A new Gartner Magic Quadrant report is available this week covering the public cloud computing vendors. Not surprisingly, AWS received top honors, although Terremark, Savvis and CSC were also praised. Bluelock, a smaller vendor, also got props. The report is very detailed in the usual Gartner manner and is a must-read for enterprise IT architects who are evaluating players in this space.
We can’t reproduce the graphic, but we did review the entire report, written by Lydia Leong and blogged about by her here.
Leong looked at simple and multiple workloads, both managed and unmanaged, from 20 cloud providers. Each provider had to offer services in at least two separate data centers and have more than $10 million in IaaS revenue in 2010. The PaaS vendors weren’t covered, even though it is getting harder to distinguish what is a platform and what is an infrastructure service. It is Gartner’s first-such MQ evaluation of this set of vendors.
What was unusual, and Leong admits this in her post, is that she actually got her hands dirty and tried each of the services out personally. To my knowledge, this is new for Gartner (hands-on testing). I mean, she actually had to use her personal credit card to spin up an account on each provider! Good for her. Here are some of the highlights:
- More aspects of IT operations management are being automated, so that IaaS offers value beyond self-service provisioning. “For companies with reasonable access to capital and which already have an IT operations team, today’s IaaS offerings may not represent cost savings for typical business workloads.”
- Customers do not usually save money by using cloud IaaS. In case you didn’t read the above bullet point, Leong emphasizes that it is agility, not costs, for which the cloud is currently used by enterprises.
- Very few of the service providers she looked at have an SLA for compute or storage performance. They do have SLAs for network availability and other service requests, however. This is an important point to keep in mind. And some of the providers offer less-than-stellar agreement levels, too.
- Very few of the service providers offer availability and performance monitoring, visible in their customer portal, as part of their self-service IaaS offering. That surprised me.
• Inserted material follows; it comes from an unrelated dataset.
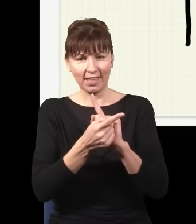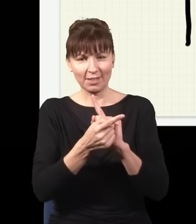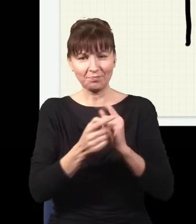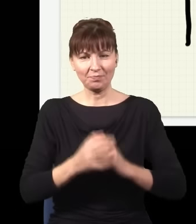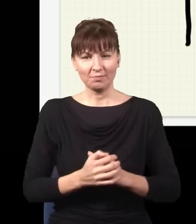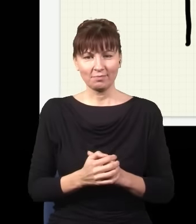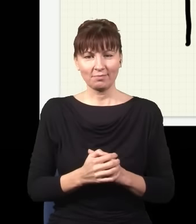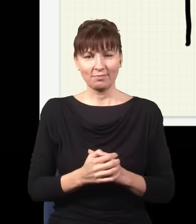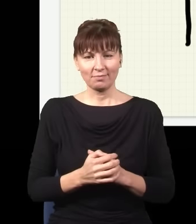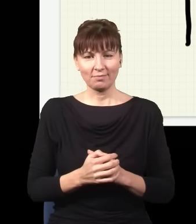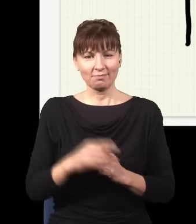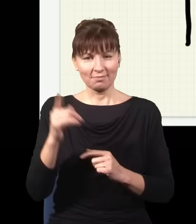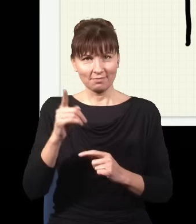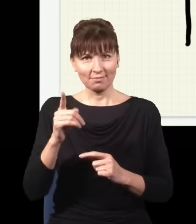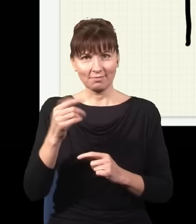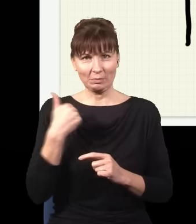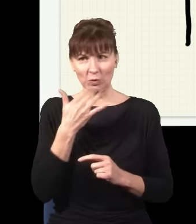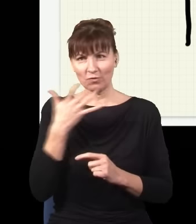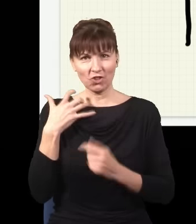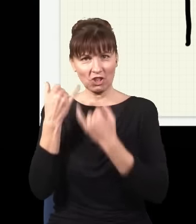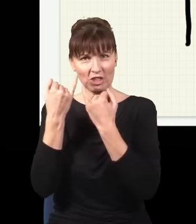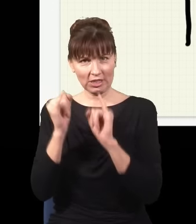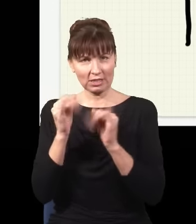tylko będzie trochę inny, ten obraz będzie

I wish she would have included a few screenshots in the report, but then Gartner is still learning how to do this hands-on thing.
- Very few also offered a standardized architecture across their public and private cloud offerings. GoGrid and CSC are ones that do offer this feature, should that be important to you.
On the whole, I give Gartner high marks on this MQ. Leong takes pains to distinguish the many different IaaS flavors, and to try to delineate when you would want to use one or the other with her different providers.